I ran the small Track1 A/B dogfood against the content-locked create path. The result is clear: do not batch-replace the current Track1 submission package with latest Vulca content-lock output.

Artifacts from the dogfood run:

  • A/B script: /Users/yhryzy/dev/emoart-130k/scripts/vulca_caption_fidelity_ab.py
  • Contact sheet: /Users/yhryzy/dev/emoart-130k/experiments/track1_caption_fidelity_ab/contact_sheet.jpg
  • Decision report: /Users/yhryzy/dev/emoart-130k/experiments/track1_caption_fidelity_ab/decision_report.md
  • Run summary: /Users/yhryzy/dev/emoart-130k/experiments/track1_caption_fidelity_ab/run_summary.json

Result summary

  • 6 samples audited.
  • Latest Vulca generated candidates for only 4/6 samples.
  • track1_0064 and track1_0074 failed in the generate node with: 'NoneType' object is not iterable.
  • track1_0301 was a severe content/category failure: the caption asked for a graph-paper branching pencil drawing, but the output collapsed into a gallery photograph and included large visible TRACK1_0301 text.
  • track1_0002 did improve versus the known pre-PR drift: the new output preserved bamboo/orchid/calligraphy/seals instead of collapsing into generic mountains.
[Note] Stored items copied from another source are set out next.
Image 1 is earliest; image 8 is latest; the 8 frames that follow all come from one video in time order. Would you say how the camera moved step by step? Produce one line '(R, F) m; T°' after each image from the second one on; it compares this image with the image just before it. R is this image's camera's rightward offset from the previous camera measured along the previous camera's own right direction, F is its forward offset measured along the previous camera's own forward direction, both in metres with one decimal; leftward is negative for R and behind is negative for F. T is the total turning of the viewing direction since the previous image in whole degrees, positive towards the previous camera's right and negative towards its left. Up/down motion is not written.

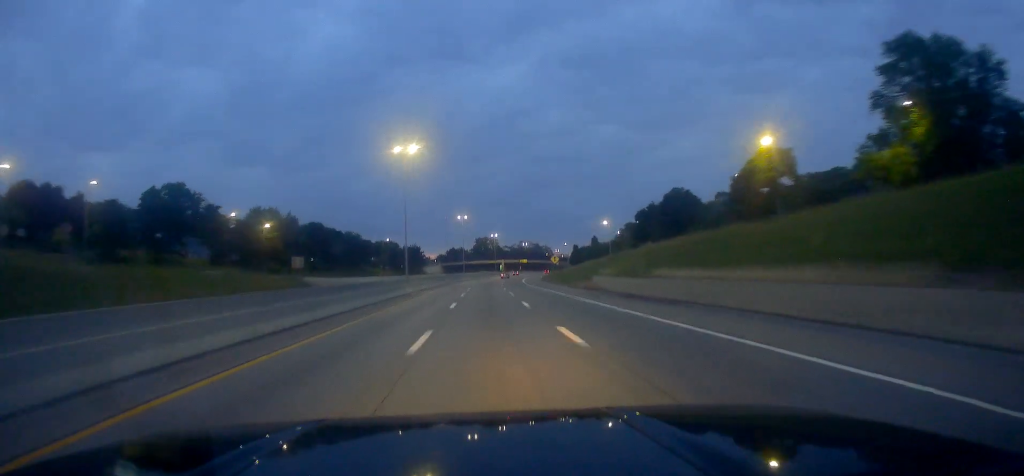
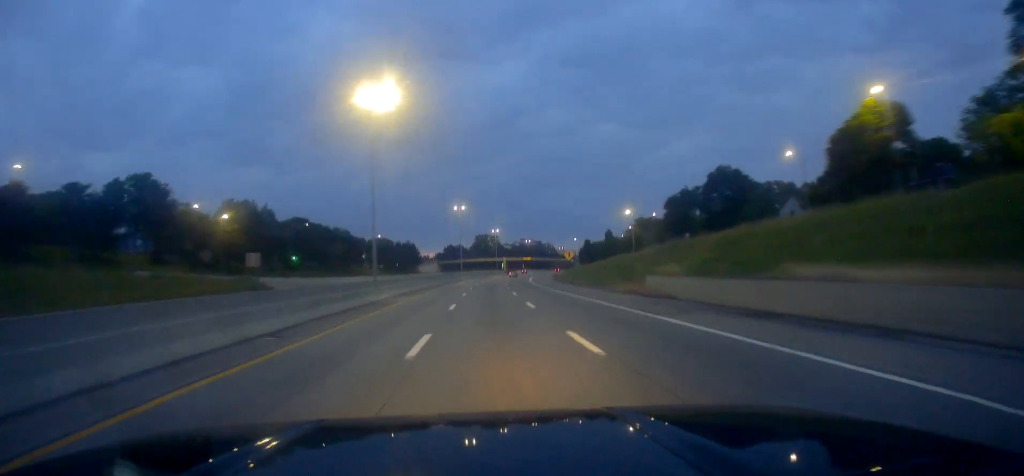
(+0.1, +17.0) m; 0°
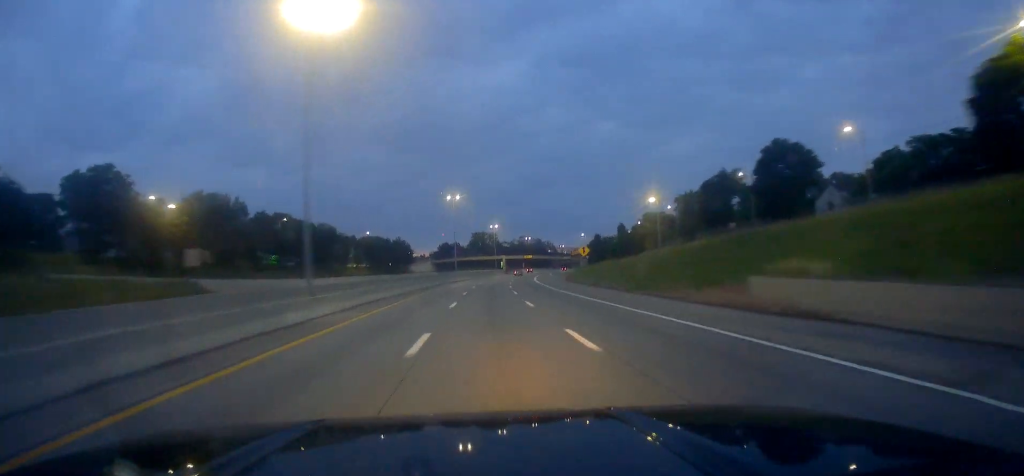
(-0.1, +14.7) m; 0°
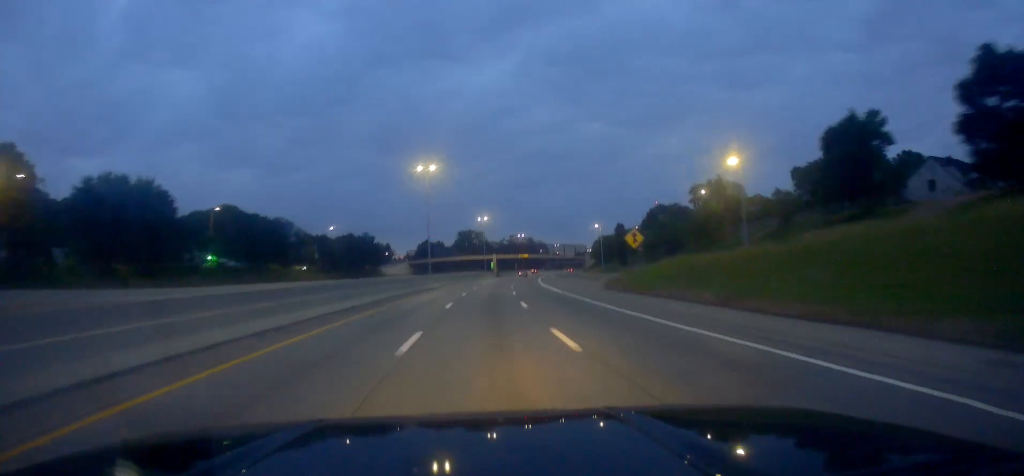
(-0.2, +29.5) m; +1°
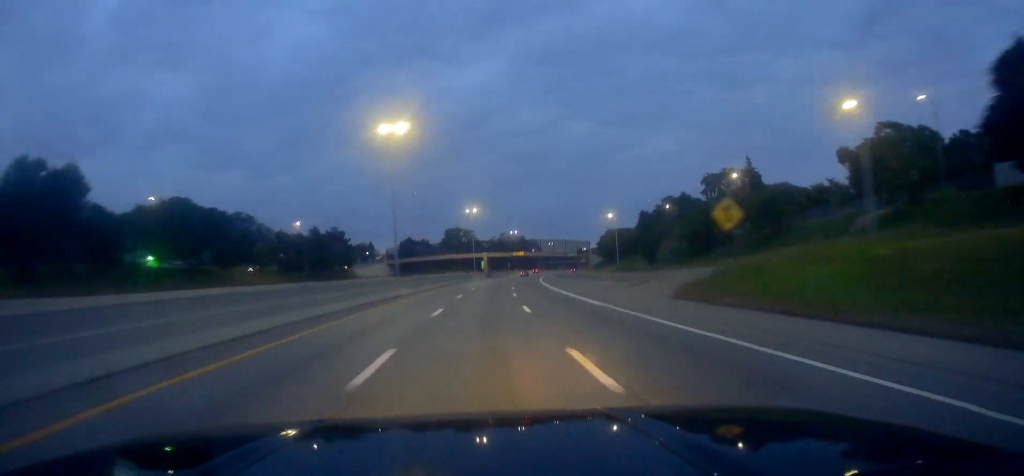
(+0.5, +19.3) m; +1°
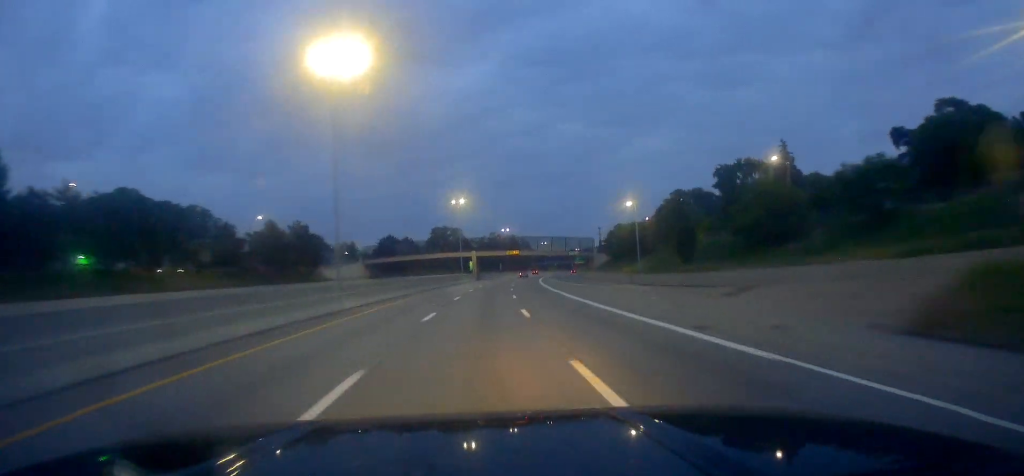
(+0.1, +17.0) m; 0°
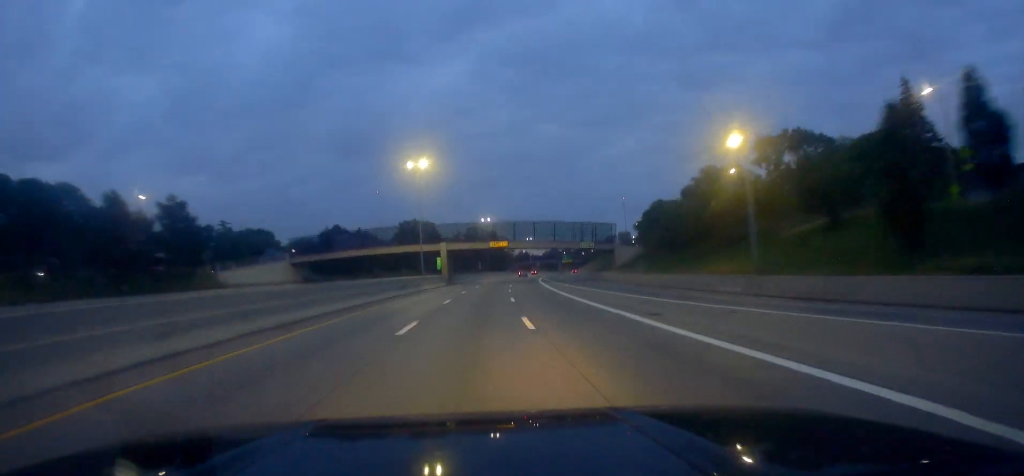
(0.0, +35.1) m; +1°
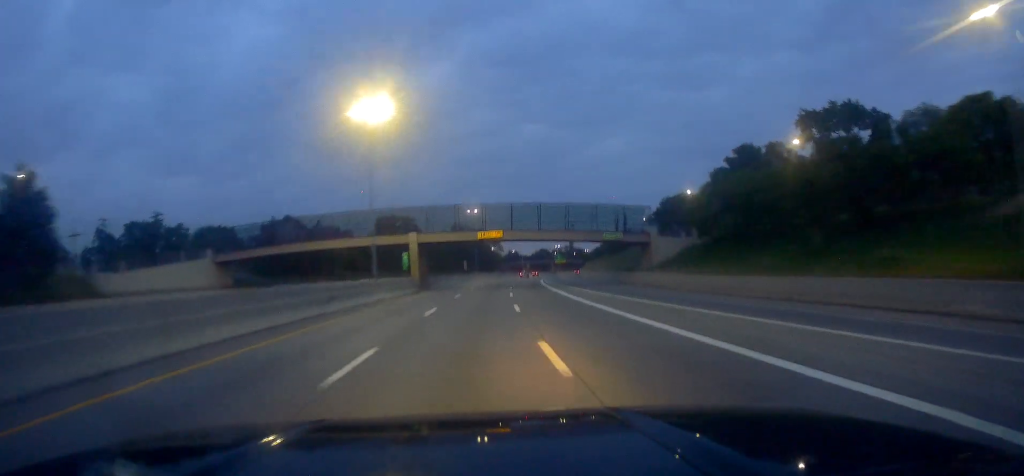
(-0.3, +22.6) m; +2°

However, the current submitted image is still better.
  • Replacement wins: 0/6.

Interpretation

This PR is moving in the right direction: it fixes the known track1_0002 style-prototype drift by putting explicit content before tradition guidance. But it is not enough for Track1 batch generation.

The main gaps are now:

  1. Extractor coverage is too narrow. When content-lock extraction finds no hard requirements, ordinary captions can still collapse by category. track1_0301 is the clearest example.
  2. Visible text/artifact suppression is missing. The generator should not introduce sample IDs, gallery labels, exhibition-photo framing, or large unsolicited text.
  3. Generate node reliability still has a real failure path. track1_0064 and track1_0074 hit 'NoneType' object is not iterable during generation.

Current submission status

The current Track1 package was left untouched and still validates:

  • JSON validation: OK
  • ZIP contents: submission.json + 1000 images
  • Missing images in ZIP: 0

Recommended next work before marking this PR ready

Keep this PR as draft and address these before any claim that --content-lock is batch-safe:

  • Debug and fix the NoneType generate-node failure for 0064/0074.
  • Extend content-lock extraction or add a VLM extraction phase so captions like graph-paper pencil drawings produce hard category/content constraints.
  • Add negative/forbidden artifact guidance for sample IDs, gallery/exhibition photo outputs, labels, and unsolicited large text.
  • Re-run the same 6-sample dogfood under emoart-130k/experiments/ and update the decision report.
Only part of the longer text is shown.